Input records section start
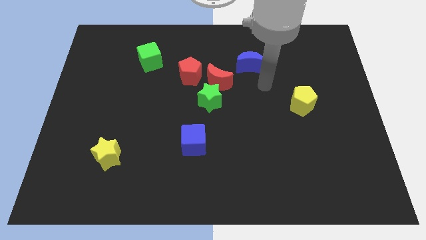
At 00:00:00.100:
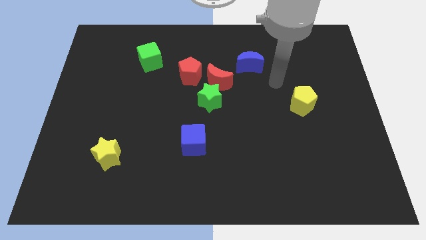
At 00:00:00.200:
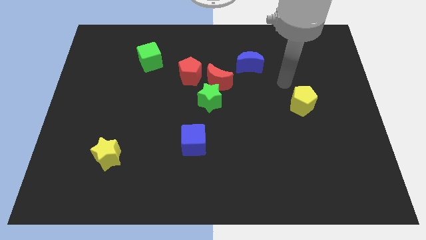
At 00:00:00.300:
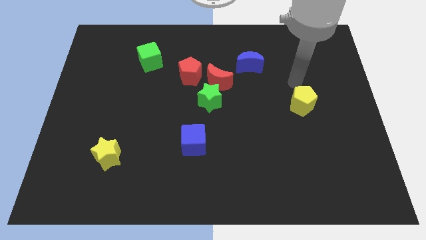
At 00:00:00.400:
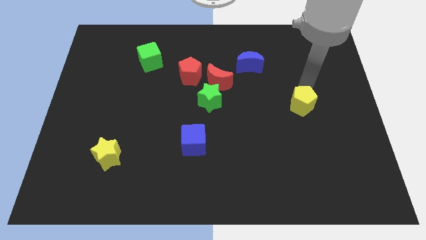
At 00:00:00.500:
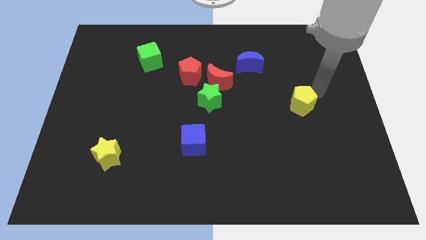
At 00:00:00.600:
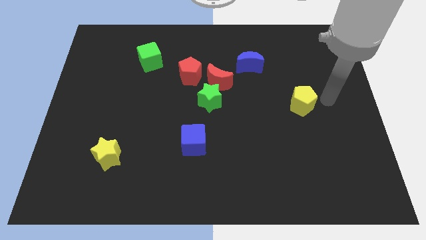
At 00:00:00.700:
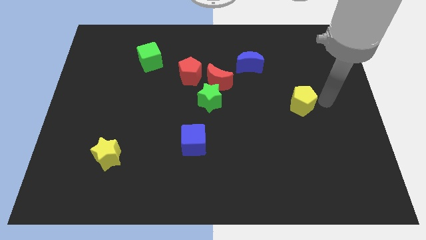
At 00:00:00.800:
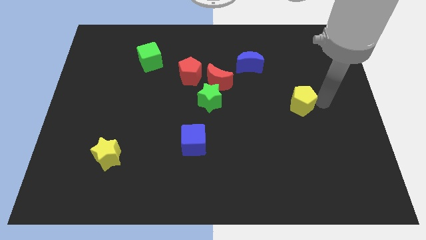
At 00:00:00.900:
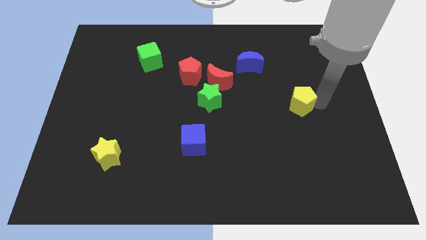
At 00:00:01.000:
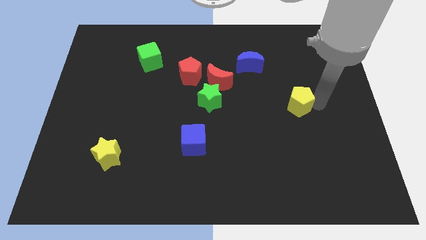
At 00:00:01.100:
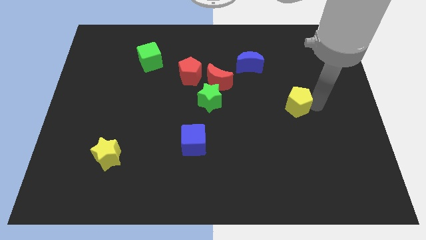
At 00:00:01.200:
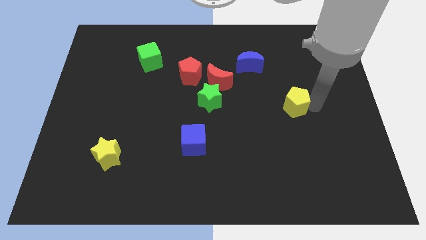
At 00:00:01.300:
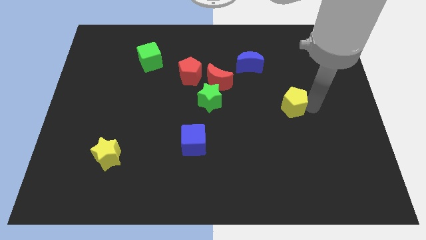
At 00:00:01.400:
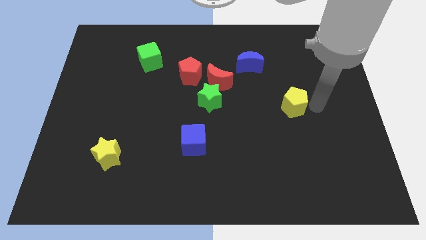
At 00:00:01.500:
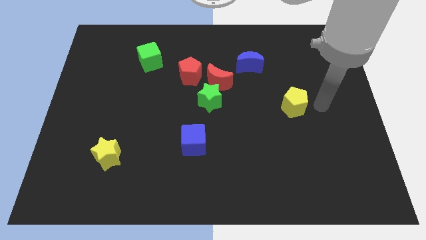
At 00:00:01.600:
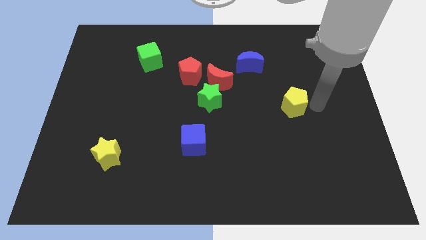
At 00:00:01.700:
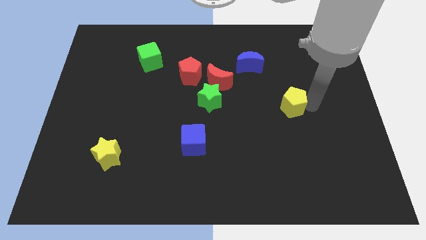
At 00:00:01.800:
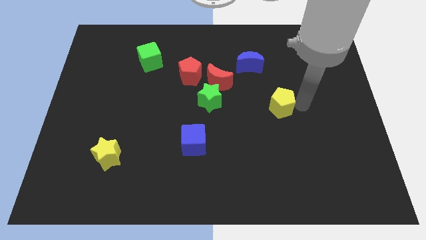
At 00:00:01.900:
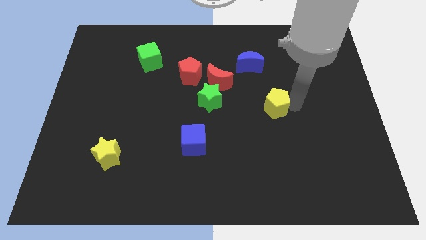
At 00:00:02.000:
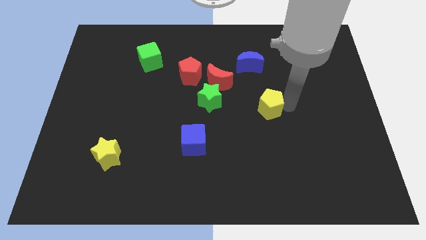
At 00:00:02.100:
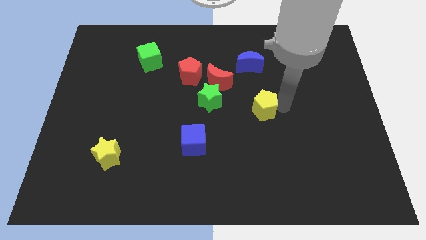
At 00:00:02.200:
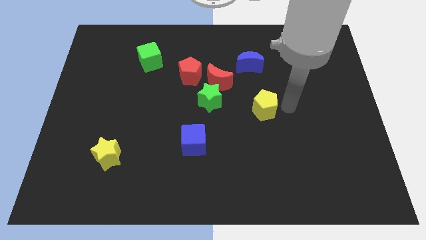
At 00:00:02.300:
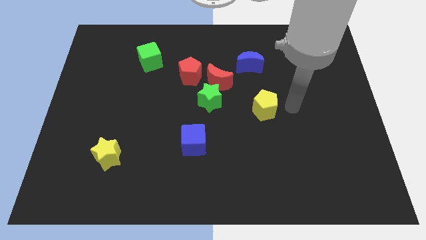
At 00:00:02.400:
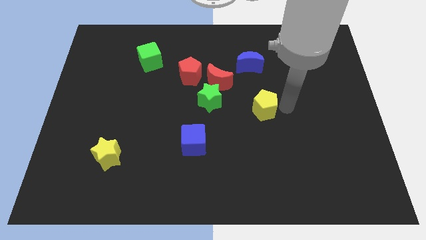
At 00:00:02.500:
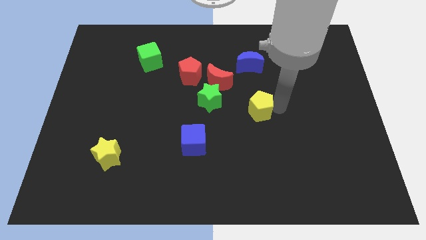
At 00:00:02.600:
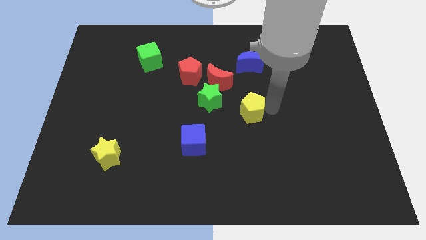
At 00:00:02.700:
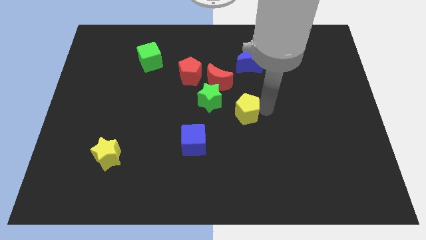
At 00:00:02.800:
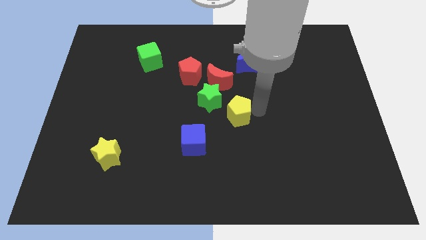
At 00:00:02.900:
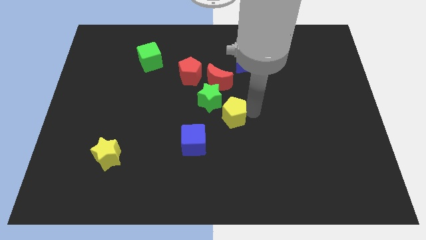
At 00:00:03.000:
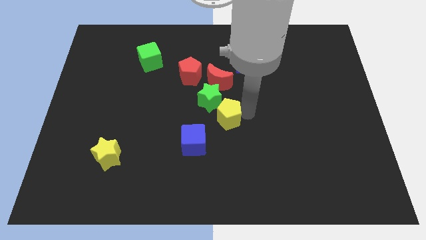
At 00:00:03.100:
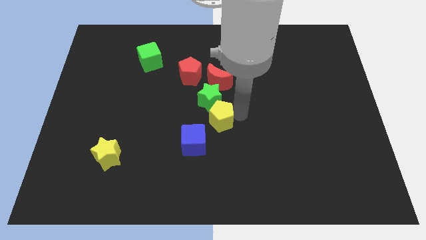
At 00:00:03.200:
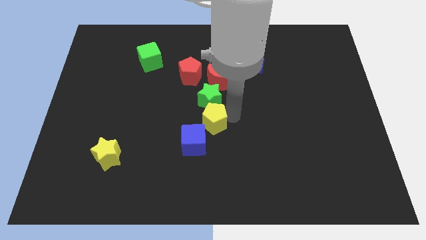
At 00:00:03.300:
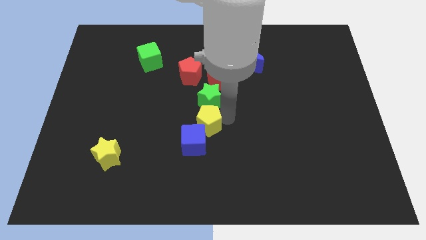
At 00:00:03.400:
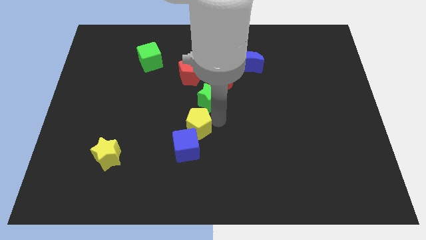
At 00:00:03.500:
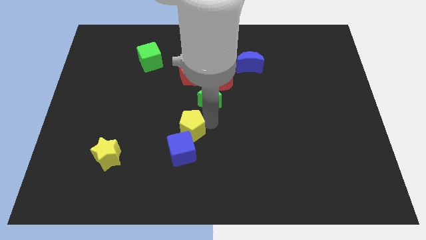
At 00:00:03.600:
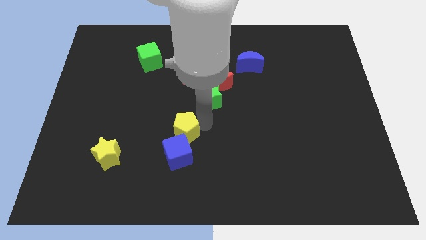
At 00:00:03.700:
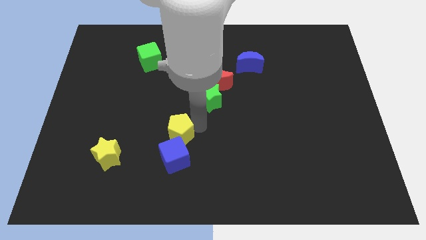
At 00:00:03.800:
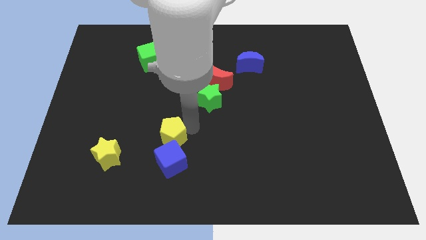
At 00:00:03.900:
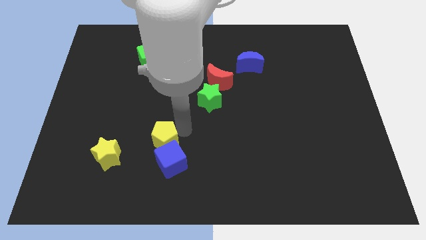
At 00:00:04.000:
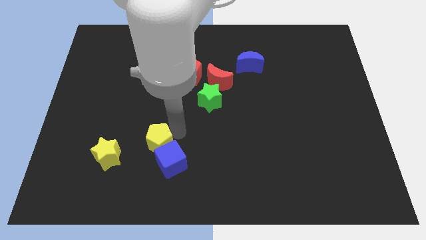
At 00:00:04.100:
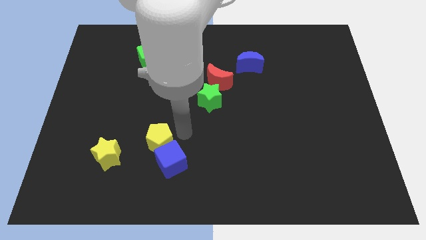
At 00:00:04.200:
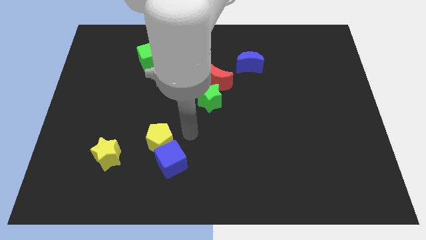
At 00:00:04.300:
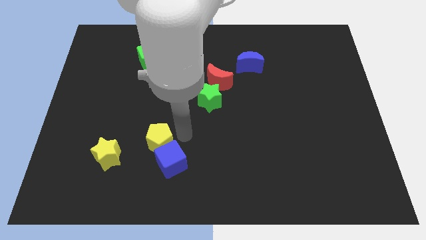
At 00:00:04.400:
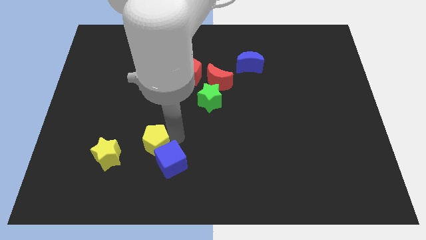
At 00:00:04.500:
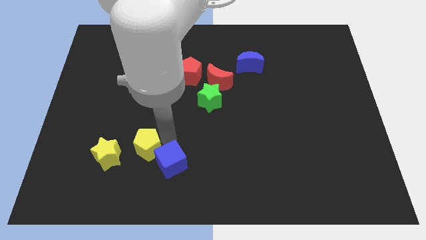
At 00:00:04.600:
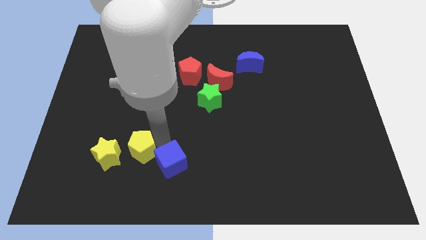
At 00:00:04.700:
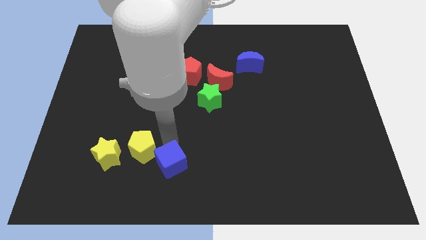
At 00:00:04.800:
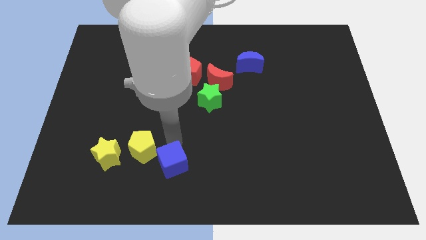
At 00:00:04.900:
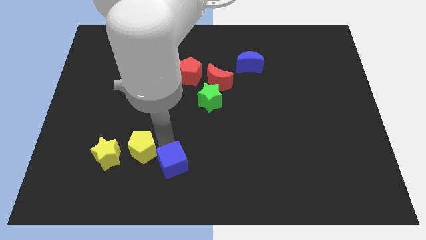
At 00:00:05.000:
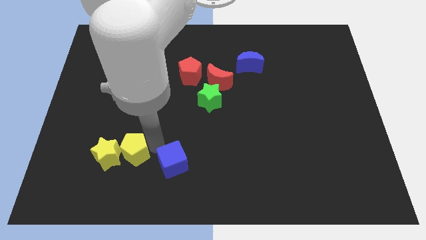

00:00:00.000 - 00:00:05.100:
put the yellow pentagon next to the yellow star
Input records section end
:: Problem details ::
A faithful copy of all the entries is required, pictures excluded.

:: Answer below ::
At 00:00:00.100:
At 00:00:00.200:
At 00:00:00.300:
At 00:00:00.400:
At 00:00:00.500:
At 00:00:00.600:
At 00:00:00.700:
At 00:00:00.800:
At 00:00:00.900:
At 00:00:01.000:
At 00:00:01.100:
At 00:00:01.200:
At 00:00:01.300:
At 00:00:01.400:
At 00:00:01.500:
At 00:00:01.600:
At 00:00:01.700:
At 00:00:01.800:
At 00:00:01.900:
At 00:00:02.000:
At 00:00:02.100:
At 00:00:02.200:
At 00:00:02.300:
At 00:00:02.400:
At 00:00:02.500:
At 00:00:02.600:
At 00:00:02.700:
At 00:00:02.800:
At 00:00:02.900:
At 00:00:03.000:
At 00:00:03.100:
At 00:00:03.200:
At 00:00:03.300:
At 00:00:03.400:
At 00:00:03.500:
At 00:00:03.600:
At 00:00:03.700:
At 00:00:03.800:
At 00:00:03.900:
At 00:00:04.000:
At 00:00:04.100:
At 00:00:04.200:
At 00:00:04.300:
At 00:00:04.400:
At 00:00:04.500:
At 00:00:04.600:
At 00:00:04.700:
At 00:00:04.800:
At 00:00:04.900:
At 00:00:05.000:

00:00:00.000 - 00:00:05.100:
put the yellow pentagon next to the yellow star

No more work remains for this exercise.